#### What you will do:
Once you reach the line containing "༡༤། དགེ་སྦྱོང་ཀ་དྷརྨའི་མིང་ཅན་གྱི་དམ་བཅའ་ཕུལ་བ་ལ ༢།" in the entries below, write out that line and each one after it down to the line containing "༣། མགོན་པོ་ཕྱག་དྲུག་པའི་གསོལ་མཆོད་ཉུང་ངུ་ལ ༢།", exactly and with nothing added.

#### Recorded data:
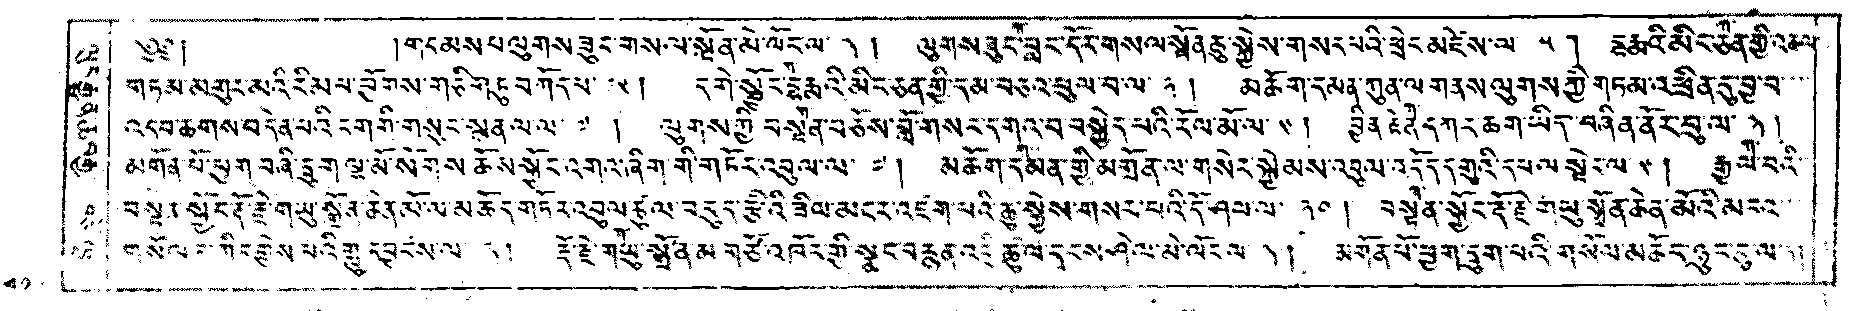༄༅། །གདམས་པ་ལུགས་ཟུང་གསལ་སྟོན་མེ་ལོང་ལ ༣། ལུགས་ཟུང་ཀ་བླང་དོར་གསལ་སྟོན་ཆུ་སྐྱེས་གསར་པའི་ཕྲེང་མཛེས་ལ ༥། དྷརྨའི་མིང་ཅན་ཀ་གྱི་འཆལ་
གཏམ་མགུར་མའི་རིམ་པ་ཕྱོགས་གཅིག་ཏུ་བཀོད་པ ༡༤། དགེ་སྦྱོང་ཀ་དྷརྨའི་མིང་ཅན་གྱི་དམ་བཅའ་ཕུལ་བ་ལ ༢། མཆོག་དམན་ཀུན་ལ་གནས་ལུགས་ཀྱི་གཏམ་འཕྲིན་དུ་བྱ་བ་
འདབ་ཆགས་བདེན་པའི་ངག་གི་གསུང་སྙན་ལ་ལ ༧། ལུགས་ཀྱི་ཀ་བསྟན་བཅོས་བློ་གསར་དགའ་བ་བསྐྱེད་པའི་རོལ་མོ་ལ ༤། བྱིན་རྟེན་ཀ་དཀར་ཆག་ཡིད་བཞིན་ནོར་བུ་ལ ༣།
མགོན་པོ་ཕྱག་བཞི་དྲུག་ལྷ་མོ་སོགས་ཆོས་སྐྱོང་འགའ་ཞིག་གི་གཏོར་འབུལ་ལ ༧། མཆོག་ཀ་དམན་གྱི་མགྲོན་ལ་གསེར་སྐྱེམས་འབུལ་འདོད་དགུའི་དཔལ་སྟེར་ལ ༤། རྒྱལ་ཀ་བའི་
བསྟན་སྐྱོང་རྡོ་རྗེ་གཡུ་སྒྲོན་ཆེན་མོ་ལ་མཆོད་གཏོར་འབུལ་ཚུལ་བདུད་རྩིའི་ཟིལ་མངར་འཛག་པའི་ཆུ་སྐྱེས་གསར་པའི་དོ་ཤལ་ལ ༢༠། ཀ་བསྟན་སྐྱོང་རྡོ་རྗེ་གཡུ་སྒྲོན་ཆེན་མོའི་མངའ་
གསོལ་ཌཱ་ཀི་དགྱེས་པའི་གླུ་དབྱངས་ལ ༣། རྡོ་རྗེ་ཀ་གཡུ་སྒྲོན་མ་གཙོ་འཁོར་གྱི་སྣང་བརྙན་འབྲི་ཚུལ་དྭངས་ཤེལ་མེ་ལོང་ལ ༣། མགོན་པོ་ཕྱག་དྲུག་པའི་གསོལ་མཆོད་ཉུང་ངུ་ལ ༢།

--

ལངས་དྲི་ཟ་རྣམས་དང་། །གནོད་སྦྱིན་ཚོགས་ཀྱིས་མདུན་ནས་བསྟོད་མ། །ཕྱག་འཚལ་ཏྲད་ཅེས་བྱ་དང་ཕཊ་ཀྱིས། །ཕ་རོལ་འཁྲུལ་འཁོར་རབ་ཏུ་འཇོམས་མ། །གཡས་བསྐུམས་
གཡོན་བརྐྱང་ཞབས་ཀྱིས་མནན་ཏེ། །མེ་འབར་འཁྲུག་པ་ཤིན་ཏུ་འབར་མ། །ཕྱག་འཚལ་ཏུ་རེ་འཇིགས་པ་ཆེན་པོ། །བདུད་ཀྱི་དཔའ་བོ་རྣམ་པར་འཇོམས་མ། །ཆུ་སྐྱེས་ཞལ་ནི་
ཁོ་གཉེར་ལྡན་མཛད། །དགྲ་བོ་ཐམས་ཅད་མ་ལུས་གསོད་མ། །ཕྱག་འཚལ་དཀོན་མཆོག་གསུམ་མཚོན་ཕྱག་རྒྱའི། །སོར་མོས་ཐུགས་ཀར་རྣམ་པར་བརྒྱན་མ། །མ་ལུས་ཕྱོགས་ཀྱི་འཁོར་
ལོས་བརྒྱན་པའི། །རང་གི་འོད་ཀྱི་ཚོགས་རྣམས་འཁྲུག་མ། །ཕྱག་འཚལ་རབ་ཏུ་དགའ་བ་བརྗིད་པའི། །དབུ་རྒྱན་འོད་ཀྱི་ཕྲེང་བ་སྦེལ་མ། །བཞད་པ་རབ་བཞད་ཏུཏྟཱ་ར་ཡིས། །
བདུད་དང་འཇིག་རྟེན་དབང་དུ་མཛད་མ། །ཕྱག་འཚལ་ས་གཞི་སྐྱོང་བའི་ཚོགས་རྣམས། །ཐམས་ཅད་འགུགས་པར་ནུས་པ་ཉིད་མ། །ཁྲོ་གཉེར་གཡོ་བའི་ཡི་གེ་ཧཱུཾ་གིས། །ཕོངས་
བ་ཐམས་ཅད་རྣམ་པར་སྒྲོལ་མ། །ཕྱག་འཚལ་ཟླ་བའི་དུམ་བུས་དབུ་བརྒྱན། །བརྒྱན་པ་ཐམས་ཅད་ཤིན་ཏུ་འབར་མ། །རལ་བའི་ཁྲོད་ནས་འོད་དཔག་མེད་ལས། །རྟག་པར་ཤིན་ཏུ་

#### Response to this exercise:
གཏམ་མགུར་མའི་རིམ་པ་ཕྱོགས་གཅིག་ཏུ་བཀོད་པ ༡༤། དགེ་སྦྱོང་ཀ་དྷརྨའི་མིང་ཅན་གྱི་དམ་བཅའ་ཕུལ་བ་ལ ༢། མཆོག་དམན་ཀུན་ལ་གནས་ལུགས་ཀྱི་གཏམ་འཕྲིན་དུ་བྱ་བ་
འདབ་ཆགས་བདེན་པའི་ངག་གི་གསུང་སྙན་ལ་ལ ༧། ལུགས་ཀྱི་ཀ་བསྟན་བཅོས་བློ་གསར་དགའ་བ་བསྐྱེད་པའི་རོལ་མོ་ལ ༤། བྱིན་རྟེན་ཀ་དཀར་ཆག་ཡིད་བཞིན་ནོར་བུ་ལ ༣།
མགོན་པོ་ཕྱག་བཞི་དྲུག་ལྷ་མོ་སོགས་ཆོས་སྐྱོང་འགའ་ཞིག་གི་གཏོར་འབུལ་ལ ༧། མཆོག་ཀ་དམན་གྱི་མགྲོན་ལ་གསེར་སྐྱེམས་འབུལ་འདོད་དགུའི་དཔལ་སྟེར་ལ ༤། རྒྱལ་ཀ་བའི་
བསྟན་སྐྱོང་རྡོ་རྗེ་གཡུ་སྒྲོན་ཆེན་མོ་ལ་མཆོད་གཏོར་འབུལ་ཚུལ་བདུད་རྩིའི་ཟིལ་མངར་འཛག་པའི་ཆུ་སྐྱེས་གསར་པའི་དོ་ཤལ་ལ ༢༠། ཀ་བསྟན་སྐྱོང་རྡོ་རྗེ་གཡུ་སྒྲོན་ཆེན་མོའི་མངའ་
གསོལ་ཌཱ་ཀི་དགྱེས་པའི་གླུ་དབྱངས་ལ ༣། རྡོ་རྗེ་ཀ་གཡུ་སྒྲོན་མ་གཙོ་འཁོར་གྱི་སྣང་བརྙན་འབྲི་ཚུལ་དྭངས་ཤེལ་མེ་ལོང་ལ ༣། མགོན་པོ་ཕྱག་དྲུག་པའི་གསོལ་མཆོད་ཉུང་ངུ་ལ ༢།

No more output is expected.